What needs to be done:
After locating the line with "Edema: negative" below, output it and each following line exactly, stopping after the line with "City: edmonton". No pictures.

Saved data entries

....

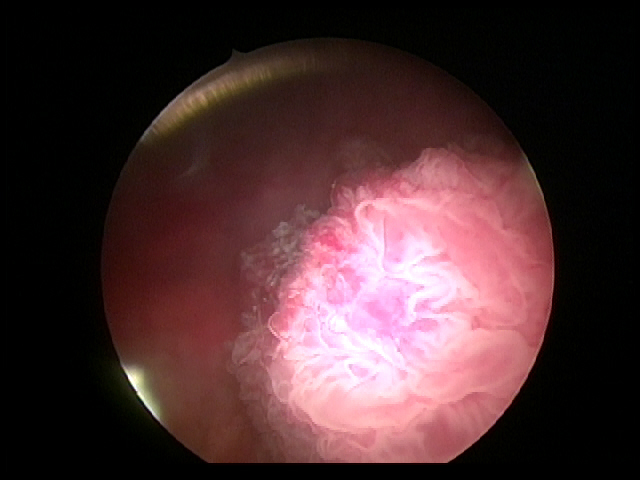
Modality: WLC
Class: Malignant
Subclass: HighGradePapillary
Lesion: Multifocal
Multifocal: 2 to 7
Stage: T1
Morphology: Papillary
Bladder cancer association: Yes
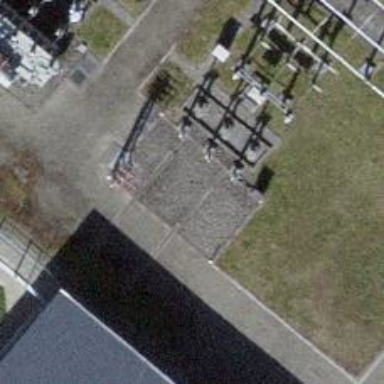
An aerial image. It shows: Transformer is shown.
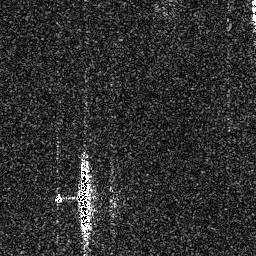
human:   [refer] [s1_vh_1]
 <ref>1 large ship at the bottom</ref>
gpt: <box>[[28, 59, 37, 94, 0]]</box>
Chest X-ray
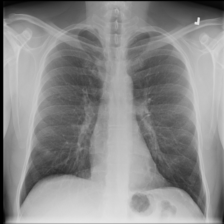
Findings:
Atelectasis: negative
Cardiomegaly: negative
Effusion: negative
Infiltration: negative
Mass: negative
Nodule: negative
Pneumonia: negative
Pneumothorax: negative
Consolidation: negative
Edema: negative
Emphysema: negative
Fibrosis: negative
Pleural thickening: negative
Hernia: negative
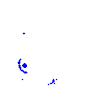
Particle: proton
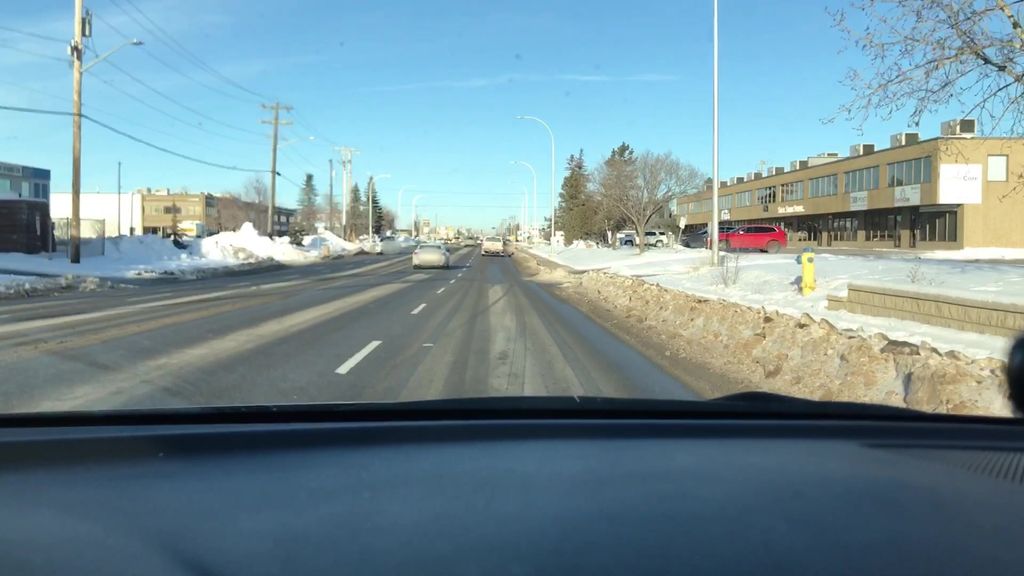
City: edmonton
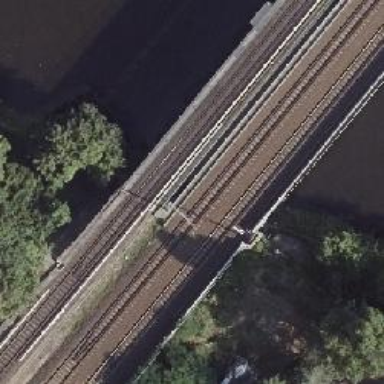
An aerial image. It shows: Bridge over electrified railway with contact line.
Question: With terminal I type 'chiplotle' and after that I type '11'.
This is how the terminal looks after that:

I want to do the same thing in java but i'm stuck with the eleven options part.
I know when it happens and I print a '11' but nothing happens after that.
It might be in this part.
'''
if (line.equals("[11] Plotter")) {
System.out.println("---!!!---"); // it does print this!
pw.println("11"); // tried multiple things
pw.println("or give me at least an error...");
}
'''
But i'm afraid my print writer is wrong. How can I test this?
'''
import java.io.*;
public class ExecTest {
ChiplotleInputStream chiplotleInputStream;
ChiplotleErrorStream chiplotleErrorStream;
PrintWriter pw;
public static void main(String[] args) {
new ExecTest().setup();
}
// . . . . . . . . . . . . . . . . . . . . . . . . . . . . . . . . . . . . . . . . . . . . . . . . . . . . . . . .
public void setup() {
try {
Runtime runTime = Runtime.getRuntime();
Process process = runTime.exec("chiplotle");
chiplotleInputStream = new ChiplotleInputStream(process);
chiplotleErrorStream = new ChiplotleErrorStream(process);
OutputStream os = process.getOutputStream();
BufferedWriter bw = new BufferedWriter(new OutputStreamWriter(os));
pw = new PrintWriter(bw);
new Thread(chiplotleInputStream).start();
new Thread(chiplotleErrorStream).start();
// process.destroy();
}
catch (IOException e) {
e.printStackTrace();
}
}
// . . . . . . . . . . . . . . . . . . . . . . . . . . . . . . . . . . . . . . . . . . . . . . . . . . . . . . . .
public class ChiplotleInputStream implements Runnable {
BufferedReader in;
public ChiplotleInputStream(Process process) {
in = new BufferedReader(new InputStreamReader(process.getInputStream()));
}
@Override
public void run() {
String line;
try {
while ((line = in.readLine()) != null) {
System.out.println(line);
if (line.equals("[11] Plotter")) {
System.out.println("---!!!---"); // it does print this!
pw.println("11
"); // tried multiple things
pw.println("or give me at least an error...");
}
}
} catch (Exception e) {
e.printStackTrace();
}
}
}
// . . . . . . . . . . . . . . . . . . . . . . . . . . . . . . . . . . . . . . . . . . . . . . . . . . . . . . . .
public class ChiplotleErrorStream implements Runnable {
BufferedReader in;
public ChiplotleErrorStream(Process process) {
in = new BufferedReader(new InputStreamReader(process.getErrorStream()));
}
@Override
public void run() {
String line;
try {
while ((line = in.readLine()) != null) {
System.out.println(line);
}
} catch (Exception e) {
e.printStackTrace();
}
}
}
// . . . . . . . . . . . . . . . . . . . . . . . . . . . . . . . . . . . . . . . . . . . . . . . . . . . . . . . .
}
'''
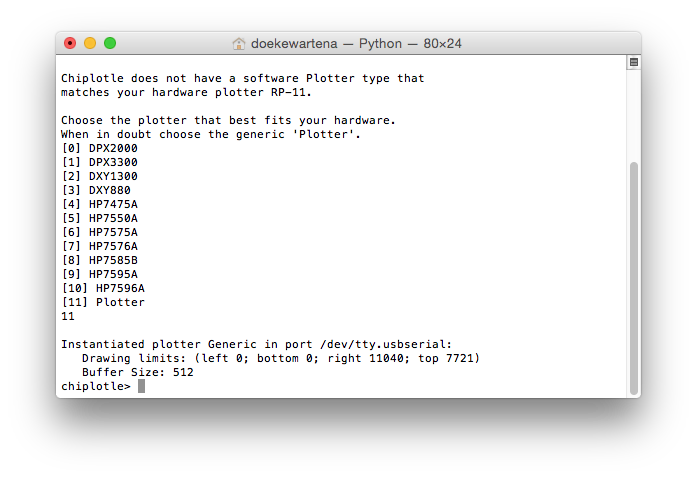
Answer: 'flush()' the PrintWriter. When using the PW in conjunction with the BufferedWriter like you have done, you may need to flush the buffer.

....

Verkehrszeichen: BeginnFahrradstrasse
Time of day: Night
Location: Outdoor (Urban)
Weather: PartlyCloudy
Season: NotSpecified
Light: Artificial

....

Solution to the exercise:
Edema: negative
Emphysema: negative
Fibrosis: negative
Pleural thickening: negative
Hernia: negative
Particle: proton
City: edmonton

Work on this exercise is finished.